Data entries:
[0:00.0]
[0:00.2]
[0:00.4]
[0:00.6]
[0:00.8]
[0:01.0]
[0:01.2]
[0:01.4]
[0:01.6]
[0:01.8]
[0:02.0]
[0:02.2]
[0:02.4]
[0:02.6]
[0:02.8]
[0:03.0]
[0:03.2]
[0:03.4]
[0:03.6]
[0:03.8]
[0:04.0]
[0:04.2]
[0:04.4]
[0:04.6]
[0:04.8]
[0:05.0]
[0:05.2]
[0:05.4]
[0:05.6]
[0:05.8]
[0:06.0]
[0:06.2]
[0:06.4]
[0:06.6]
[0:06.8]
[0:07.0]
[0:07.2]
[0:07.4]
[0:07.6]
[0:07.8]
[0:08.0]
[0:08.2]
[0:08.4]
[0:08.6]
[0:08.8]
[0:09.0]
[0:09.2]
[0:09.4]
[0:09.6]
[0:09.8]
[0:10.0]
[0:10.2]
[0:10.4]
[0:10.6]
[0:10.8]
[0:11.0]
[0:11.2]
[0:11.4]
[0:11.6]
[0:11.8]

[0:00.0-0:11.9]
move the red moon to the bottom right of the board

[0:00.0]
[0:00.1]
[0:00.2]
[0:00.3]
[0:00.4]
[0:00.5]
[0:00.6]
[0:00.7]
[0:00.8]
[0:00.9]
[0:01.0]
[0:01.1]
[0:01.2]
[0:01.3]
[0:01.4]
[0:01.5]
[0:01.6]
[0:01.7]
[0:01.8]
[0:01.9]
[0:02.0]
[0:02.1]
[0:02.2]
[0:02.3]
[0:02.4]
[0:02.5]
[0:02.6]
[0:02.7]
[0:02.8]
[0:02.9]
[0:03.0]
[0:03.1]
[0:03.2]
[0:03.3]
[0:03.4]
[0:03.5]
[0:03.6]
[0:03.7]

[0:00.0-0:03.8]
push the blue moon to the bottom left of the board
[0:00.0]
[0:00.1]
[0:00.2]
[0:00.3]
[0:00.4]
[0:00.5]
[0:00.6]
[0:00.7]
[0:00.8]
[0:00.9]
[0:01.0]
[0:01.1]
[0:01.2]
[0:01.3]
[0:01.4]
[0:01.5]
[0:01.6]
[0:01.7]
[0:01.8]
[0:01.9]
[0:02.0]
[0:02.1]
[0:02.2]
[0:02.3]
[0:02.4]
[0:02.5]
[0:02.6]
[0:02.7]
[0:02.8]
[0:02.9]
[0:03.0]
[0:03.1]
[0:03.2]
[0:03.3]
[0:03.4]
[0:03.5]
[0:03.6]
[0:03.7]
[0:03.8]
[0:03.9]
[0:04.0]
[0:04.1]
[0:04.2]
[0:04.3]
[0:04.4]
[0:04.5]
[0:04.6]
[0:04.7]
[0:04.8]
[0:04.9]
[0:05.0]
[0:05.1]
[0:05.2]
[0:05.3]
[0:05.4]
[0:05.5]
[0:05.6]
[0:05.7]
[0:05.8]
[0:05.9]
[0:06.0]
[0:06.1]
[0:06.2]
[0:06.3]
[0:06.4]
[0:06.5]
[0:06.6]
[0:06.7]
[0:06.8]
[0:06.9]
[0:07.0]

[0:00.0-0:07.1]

What needs to be done: Extract all of the data shown above without alteration.

Reply:
[0:00.0]
[0:00.2]
[0:00.4]
[0:00.6]
[0:00.8]
[0:01.0]
[0:01.2]
[0:01.4]
[0:01.6]
[0:01.8]
[0:02.0]
[0:02.2]
[0:02.4]
[0:02.6]
[0:02.8]
[0:03.0]
[0:03.2]
[0:03.4]
[0:03.6]
[0:03.8]
[0:04.0]
[0:04.2]
[0:04.4]
[0:04.6]
[0:04.8]
[0:05.0]
[0:05.2]
[0:05.4]
[0:05.6]
[0:05.8]
[0:06.0]
[0:06.2]
[0:06.4]
[0:06.6]
[0:06.8]
[0:07.0]
[0:07.2]
[0:07.4]
[0:07.6]
[0:07.8]
[0:08.0]
[0:08.2]
[0:08.4]
[0:08.6]
[0:08.8]
[0:09.0]
[0:09.2]
[0:09.4]
[0:09.6]
[0:09.8]
[0:10.0]
[0:10.2]
[0:10.4]
[0:10.6]
[0:10.8]
[0:11.0]
[0:11.2]
[0:11.4]
[0:11.6]
[0:11.8]

[0:00.0-0:11.9]
move the red moon to the bottom right of the board

[0:00.0]
[0:00.1]
[0:00.2]
[0:00.3]
[0:00.4]
[0:00.5]
[0:00.6]
[0:00.7]
[0:00.8]
[0:00.9]
[0:01.0]
[0:01.1]
[0:01.2]
[0:01.3]
[0:01.4]
[0:01.5]
[0:01.6]
[0:01.7]
[0:01.8]
[0:01.9]
[0:02.0]
[0:02.1]
[0:02.2]
[0:02.3]
[0:02.4]
[0:02.5]
[0:02.6]
[0:02.7]
[0:02.8]
[0:02.9]
[0:03.0]
[0:03.1]
[0:03.2]
[0:03.3]
[0:03.4]
[0:03.5]
[0:03.6]
[0:03.7]

[0:00.0-0:03.8]
push the blue moon to the bottom left of the board
[0:00.0]
[0:00.1]
[0:00.2]
[0:00.3]
[0:00.4]
[0:00.5]
[0:00.6]
[0:00.7]
[0:00.8]
[0:00.9]
[0:01.0]
[0:01.1]
[0:01.2]
[0:01.3]
[0:01.4]
[0:01.5]
[0:01.6]
[0:01.7]
[0:01.8]
[0:01.9]
[0:02.0]
[0:02.1]
[0:02.2]
[0:02.3]
[0:02.4]
[0:02.5]
[0:02.6]
[0:02.7]
[0:02.8]
[0:02.9]
[0:03.0]
[0:03.1]
[0:03.2]
[0:03.3]
[0:03.4]
[0:03.5]
[0:03.6]
[0:03.7]
[0:03.8]
[0:03.9]
[0:04.0]
[0:04.1]
[0:04.2]
[0:04.3]
[0:04.4]
[0:04.5]
[0:04.6]
[0:04.7]
[0:04.8]
[0:04.9]
[0:05.0]
[0:05.1]
[0:05.2]
[0:05.3]
[0:05.4]
[0:05.5]
[0:05.6]
[0:05.7]
[0:05.8]
[0:05.9]
[0:06.0]
[0:06.1]
[0:06.2]
[0:06.3]
[0:06.4]
[0:06.5]
[0:06.6]
[0:06.7]
[0:06.8]
[0:06.9]
[0:07.0]

[0:00.0-0:07.1]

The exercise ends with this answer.